* **Problem requirements**
Retype the entries below exactly, dropping the images.

Dataset records

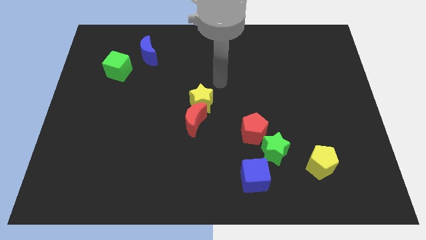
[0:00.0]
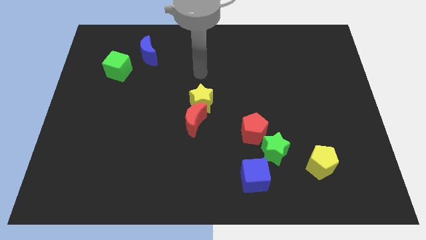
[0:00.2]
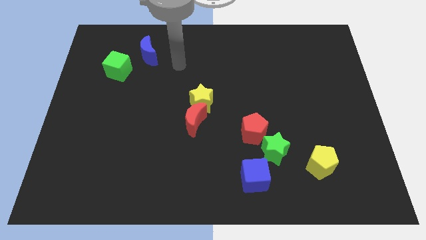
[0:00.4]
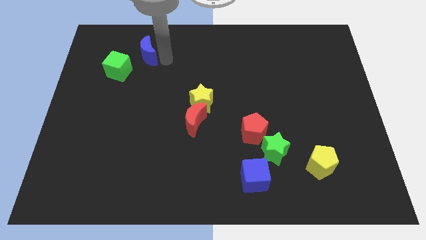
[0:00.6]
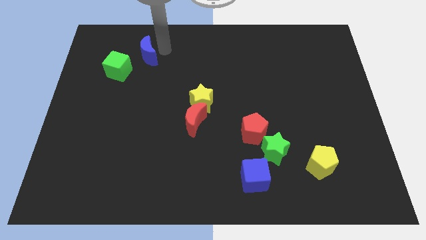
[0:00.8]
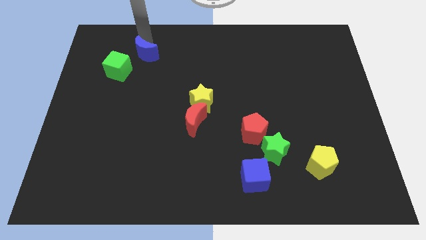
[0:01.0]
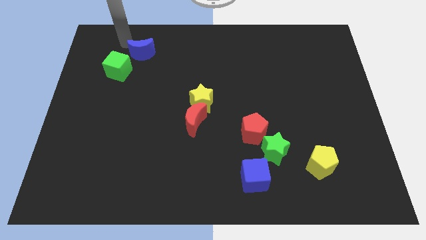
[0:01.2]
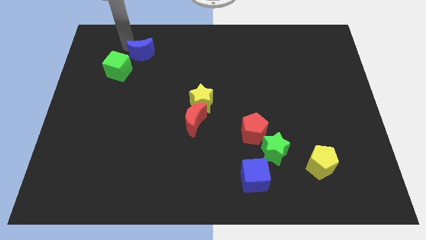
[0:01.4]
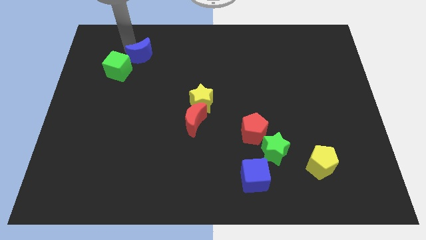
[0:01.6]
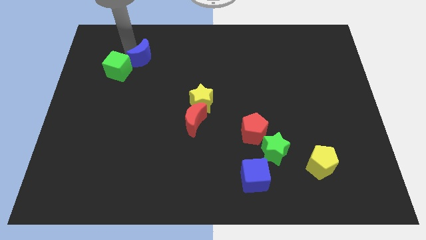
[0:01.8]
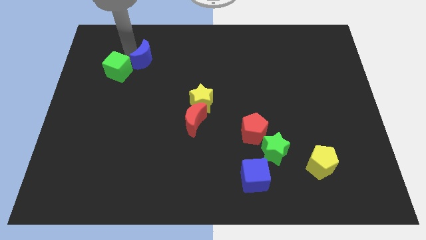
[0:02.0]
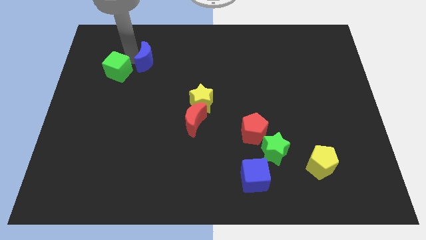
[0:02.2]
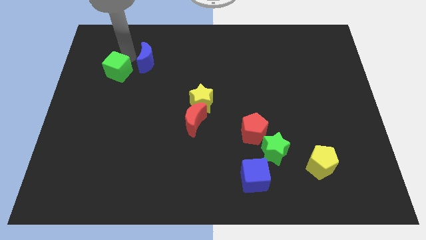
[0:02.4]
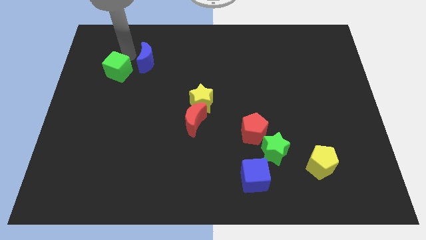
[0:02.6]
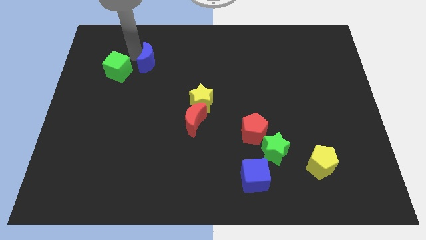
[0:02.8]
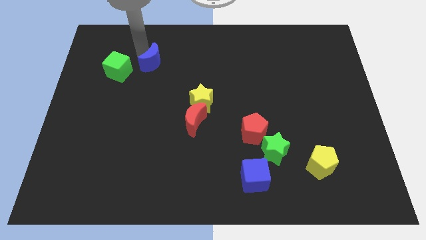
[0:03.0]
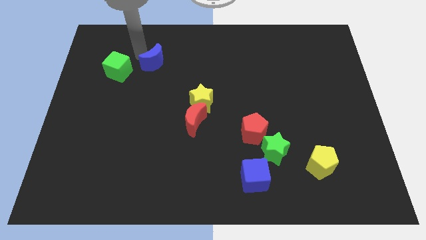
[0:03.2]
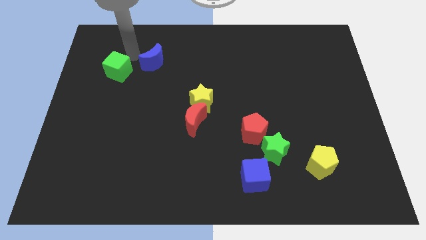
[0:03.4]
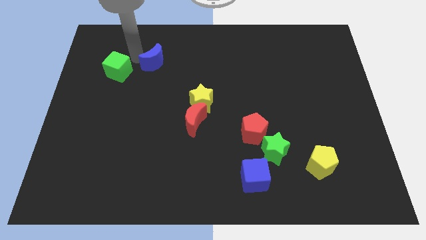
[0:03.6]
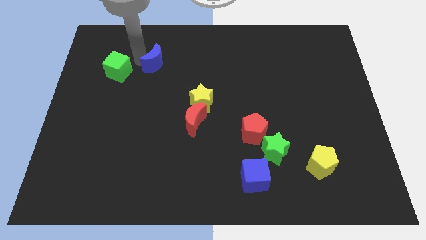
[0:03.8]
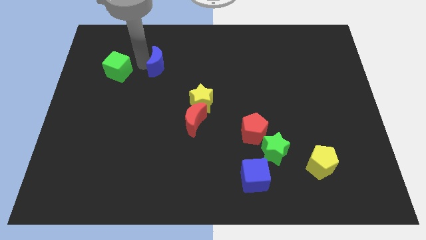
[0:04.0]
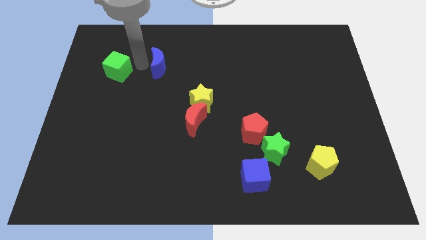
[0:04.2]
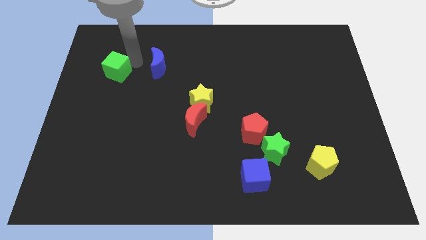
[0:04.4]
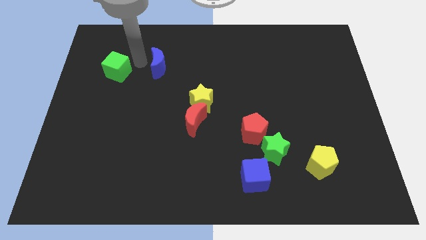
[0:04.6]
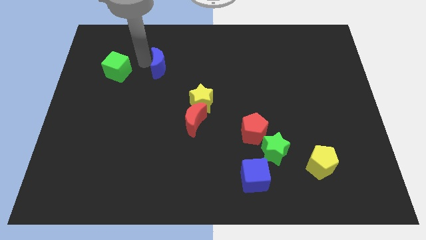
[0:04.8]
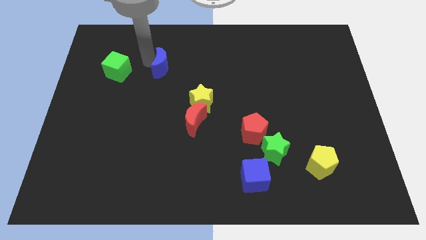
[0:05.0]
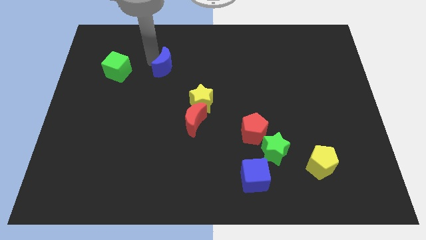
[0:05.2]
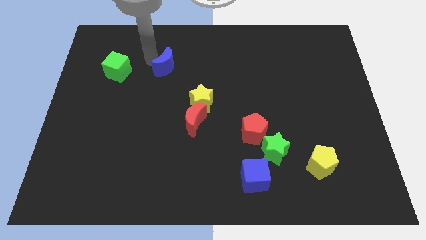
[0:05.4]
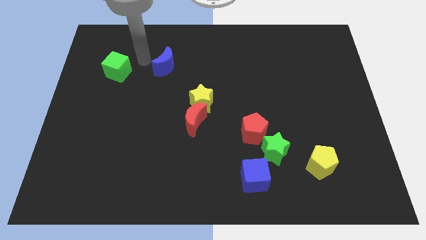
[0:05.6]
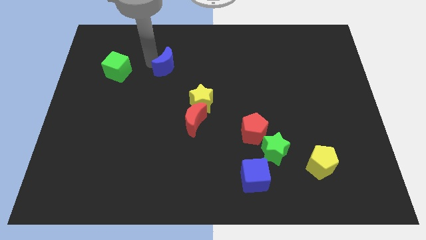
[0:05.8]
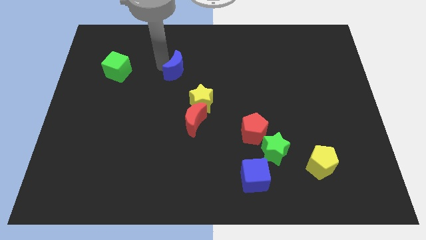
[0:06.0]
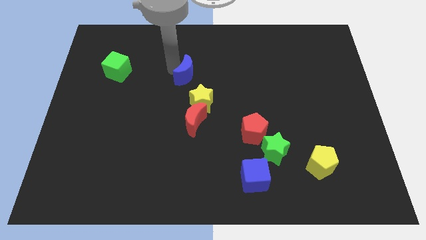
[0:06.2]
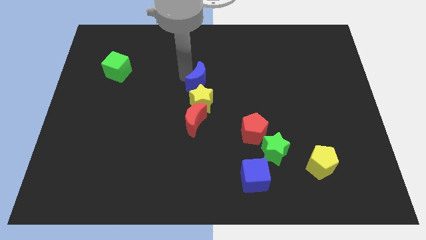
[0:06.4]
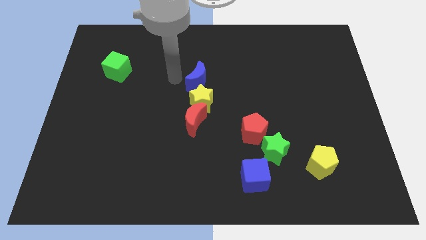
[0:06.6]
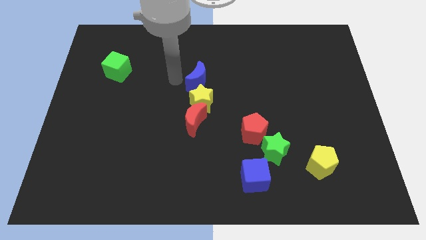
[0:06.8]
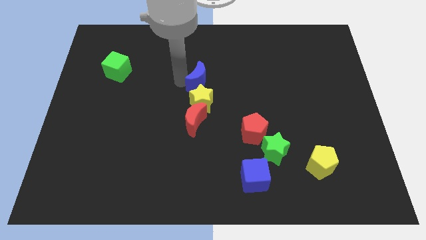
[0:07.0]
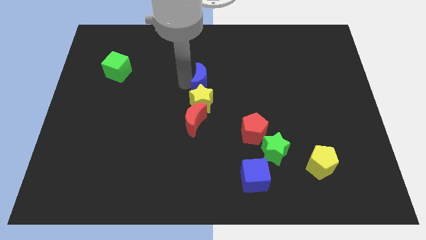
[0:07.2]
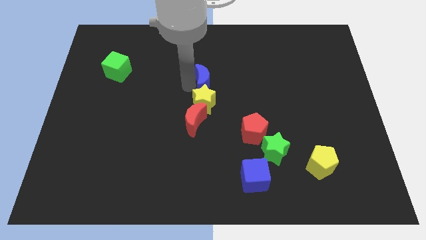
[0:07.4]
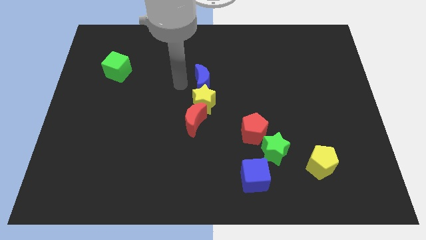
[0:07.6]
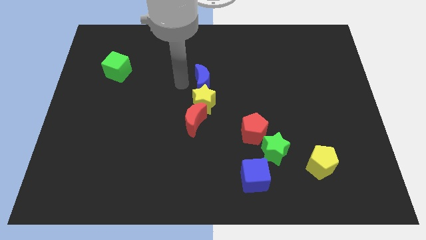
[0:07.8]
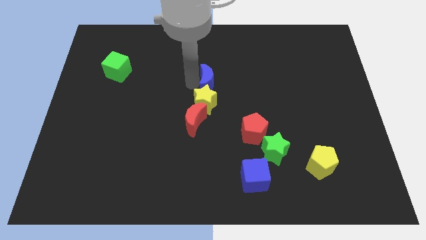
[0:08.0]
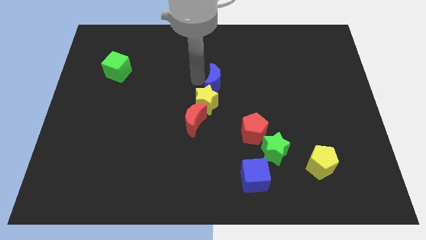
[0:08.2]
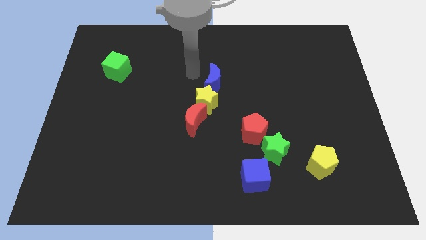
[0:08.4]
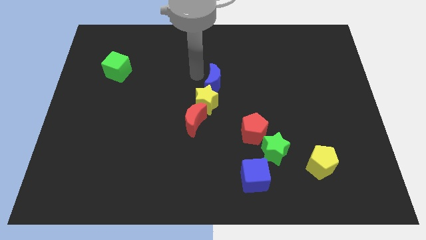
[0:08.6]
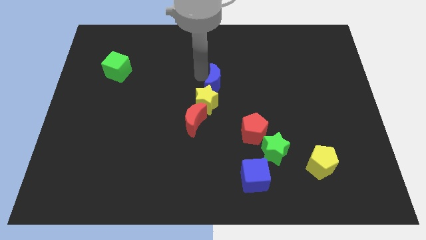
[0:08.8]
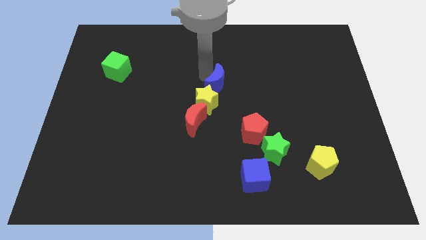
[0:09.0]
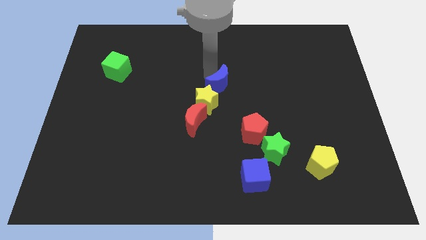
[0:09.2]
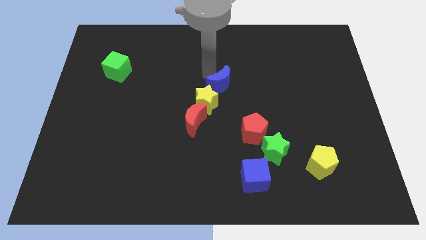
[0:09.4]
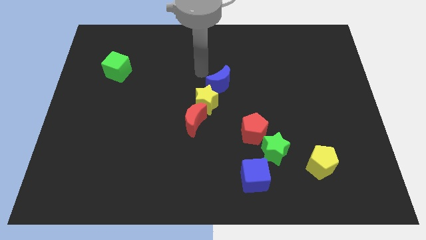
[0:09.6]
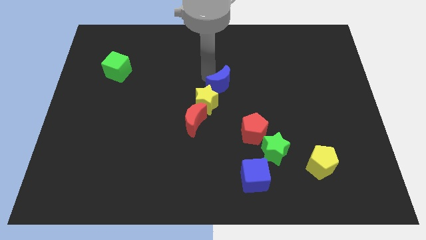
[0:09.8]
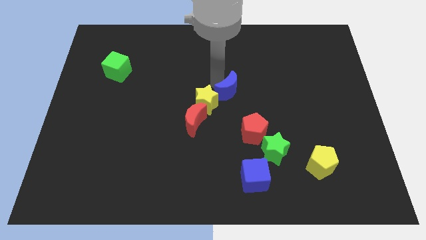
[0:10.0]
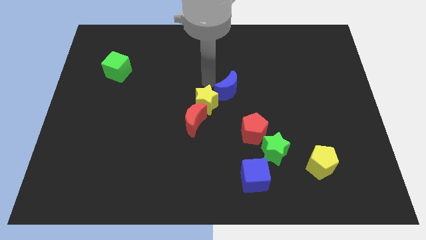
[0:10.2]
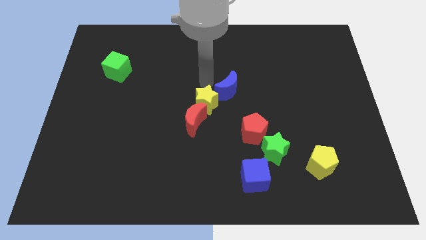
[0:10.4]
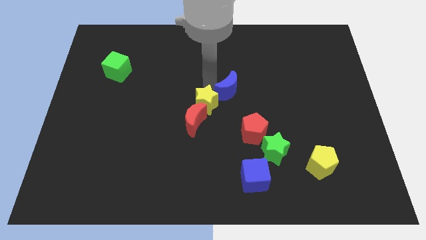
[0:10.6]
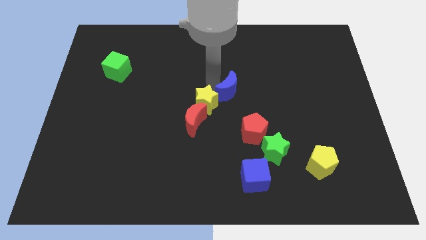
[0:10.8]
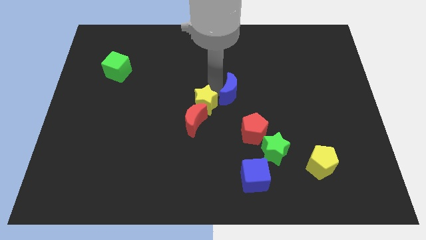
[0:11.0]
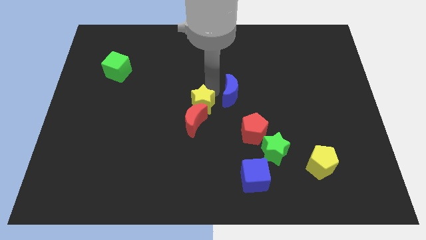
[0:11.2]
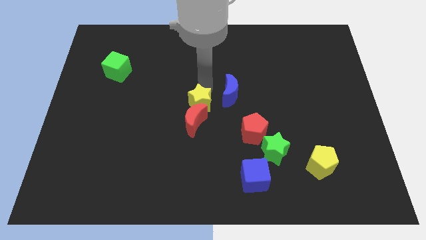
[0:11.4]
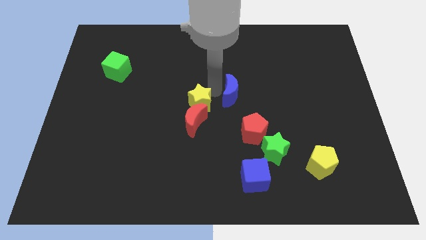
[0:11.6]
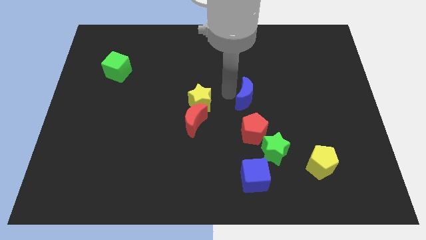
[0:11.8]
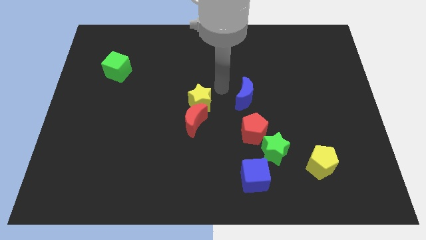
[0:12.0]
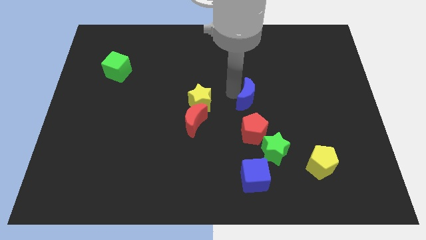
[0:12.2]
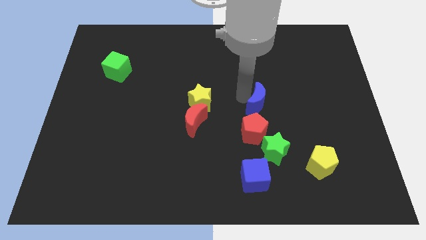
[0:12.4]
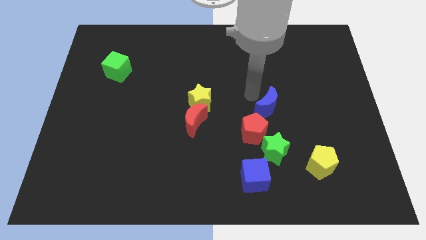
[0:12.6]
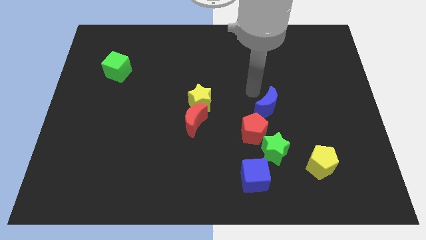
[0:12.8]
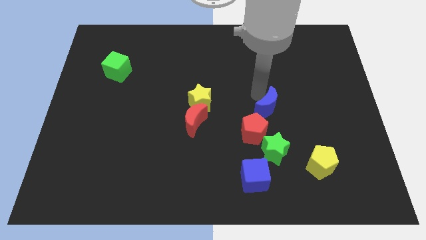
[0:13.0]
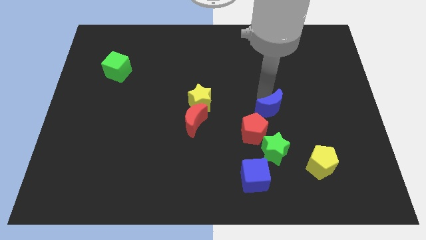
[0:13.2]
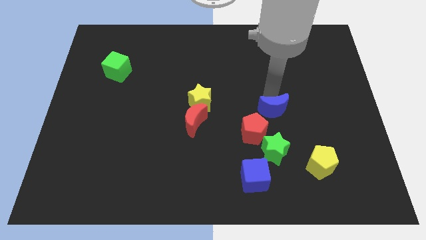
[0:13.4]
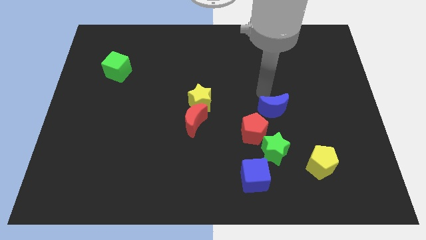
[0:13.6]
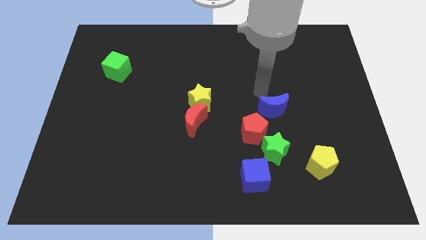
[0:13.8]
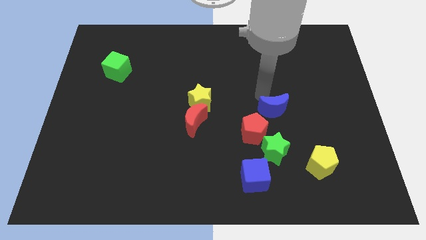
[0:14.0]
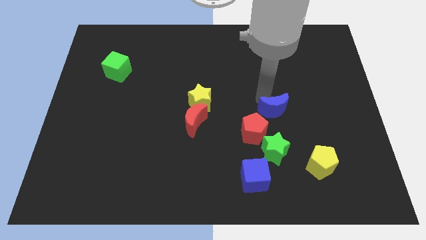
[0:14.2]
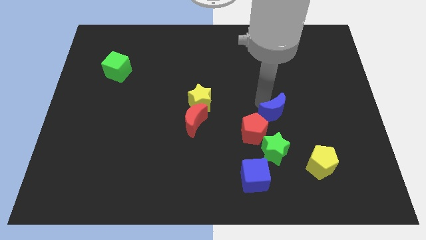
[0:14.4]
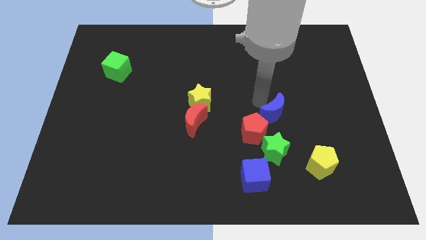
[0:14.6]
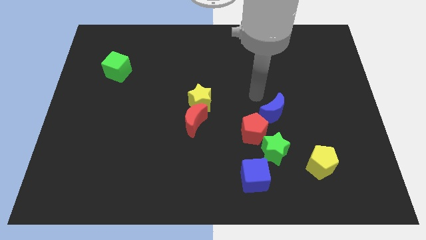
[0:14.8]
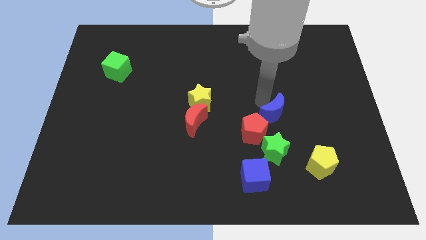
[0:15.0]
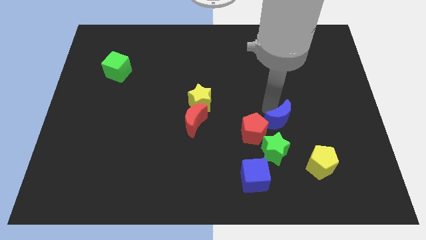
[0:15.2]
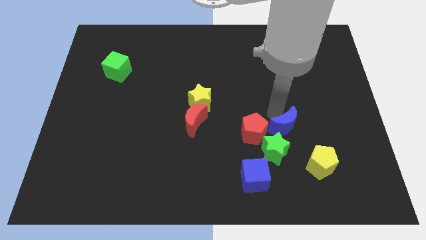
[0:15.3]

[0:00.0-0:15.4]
push the blue moon to the top left side of the yellow pentagon

* **Task response**
[0:00.0]
[0:00.2]
[0:00.4]
[0:00.6]
[0:00.8]
[0:01.0]
[0:01.2]
[0:01.4]
[0:01.6]
[0:01.8]
[0:02.0]
[0:02.2]
[0:02.4]
[0:02.6]
[0:02.8]
[0:03.0]
[0:03.2]
[0:03.4]
[0:03.6]
[0:03.8]
[0:04.0]
[0:04.2]
[0:04.4]
[0:04.6]
[0:04.8]
[0:05.0]
[0:05.2]
[0:05.4]
[0:05.6]
[0:05.8]
[0:06.0]
[0:06.2]
[0:06.4]
[0:06.6]
[0:06.8]
[0:07.0]
[0:07.2]
[0:07.4]
[0:07.6]
[0:07.8]
[0:08.0]
[0:08.2]
[0:08.4]
[0:08.6]
[0:08.8]
[0:09.0]
[0:09.2]
[0:09.4]
[0:09.6]
[0:09.8]
[0:10.0]
[0:10.2]
[0:10.4]
[0:10.6]
[0:10.8]
[0:11.0]
[0:11.2]
[0:11.4]
[0:11.6]
[0:11.8]
[0:12.0]
[0:12.2]
[0:12.4]
[0:12.6]
[0:12.8]
[0:13.0]
[0:13.2]
[0:13.4]
[0:13.6]
[0:13.8]
[0:14.0]
[0:14.2]
[0:14.4]
[0:14.6]
[0:14.8]
[0:15.0]
[0:15.2]
[0:15.3]

[0:00.0-0:15.4]
push the blue moon to the top left side of the yellow pentagon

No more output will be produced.